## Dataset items

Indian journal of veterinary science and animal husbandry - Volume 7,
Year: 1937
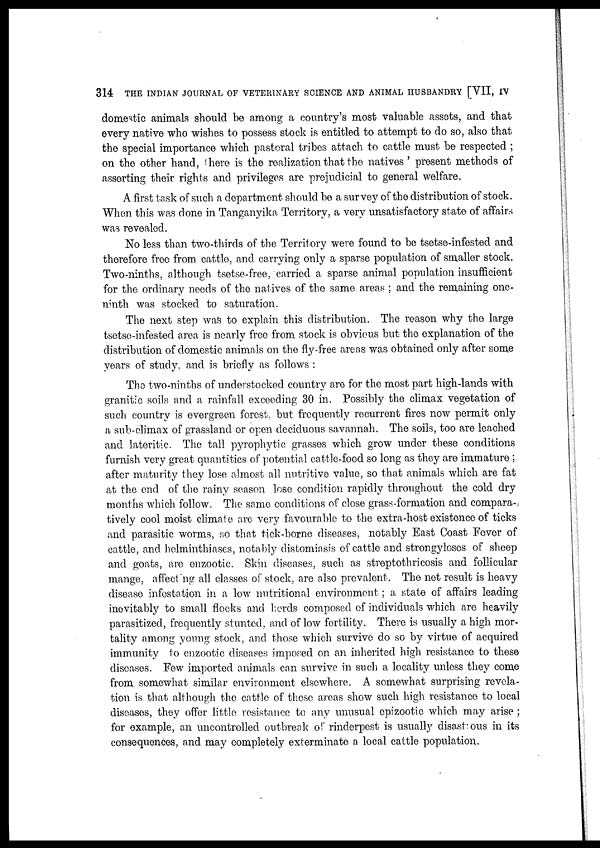
314 THE INDIAN JOURNAL OF VETERINARY SCIENCE AND ANIMAL HUSBANDRY [VII, IV
domestic animals should be among a country's most valuable assets, and that
every native who wishes to possess stock is entitled to attempt to do so, also that
the special importance which pastoral tribes attach to cattle must be respected ;
on the other hand, there is the realization that the natives ' present methods of
asserting their rights and privileges are prejudicial to general welfare.
A first task of such a department should be a survey of the distribution of stock.
When this was done in Tanganyika Territory, a very unsatisfactory state of affairs
was revealed.
No less than two-thirds of the Territory were found to be tsetse-infested and
therefore free from cattle, and carrying only a sparse population of smaller stock.
Two-ninths, although tsetse-free, carried a sparse animal population insufficient
for the ordinary needs of the natives of the same areas ; and the remaining one-
ninth was stocked to saturation.
The next step was to explain this distribution. The reason why the large
tsetse-infested area is nearly free from stock is obvious but the explanation of the
distribution of domestic animals on the fly-free areas was obtained only after some
years of study, and is briefly as follows :
The two-ninths of understocked country are for the most part high-lands with
granitic soils and a rainfall exceeding 30 in. Possibly the climax vegetation of
such country is evergreen forest, but frequently recurrent fires now permit only
a sub-climax of grassland or open deciduous savannah. The soils, too are leached
and lateritic. The tall pyrophytic grasses which grow under these conditions
furnish very great quantities of potential cattle-food so long as they are immature ;
after maturity they lose almost all nutritive value, so that animals which are fat
at the end of the rainy season lose condition rapidly throughout the cold dry
months which follow. The same conditions of close grass-formation and compara¬
tively cool moist climate are very favourable to the extra-host existence of ticks
and parasitic worms, so that tick-borne diseases, notably East Coast Fever of
cattle, and helminthiases, notably distomiasis of cattle and strongyloses of sheep
and goats, are enzootic. Skin diseases, such as streptothricosis and follicular
mange, affecting all classes of stock, are also prevalent. The net result is heavy
disease infestation in a low nutritional environment; a state of affairs leading
inevitably to small flocks and herds composed of individuals which are heavily
parasitized, frequently stunted, and of low fertility. There is usually a high mor-
tality among young stock, and those which survive do so by virtue of acquired
immunity to enzootic diseases imposed on an inherited high resistance to these
diseases. Few imported animals can survive in such a locality unless they come
from somewhat similar environment elsewhere. A somewhat surprising revela-
tion is that although the cattle of these areas show such high resistance to local
diseases, they offer little resistance to any unusual epizootic which may arise ;
for example, an uncontrolled outbreak of rinderpest is usually disastrous in its
consequences, and may completely exterminate a local cattle population.

## Directions for this task
From the data above, pick out each line containing "climax" and copy it.

## Result of this exercise
granitic soils and a rainfall exceeding 30 in. Possibly the climax vegetation of
a sub-climax of grassland or open deciduous savannah. The soils, too are leached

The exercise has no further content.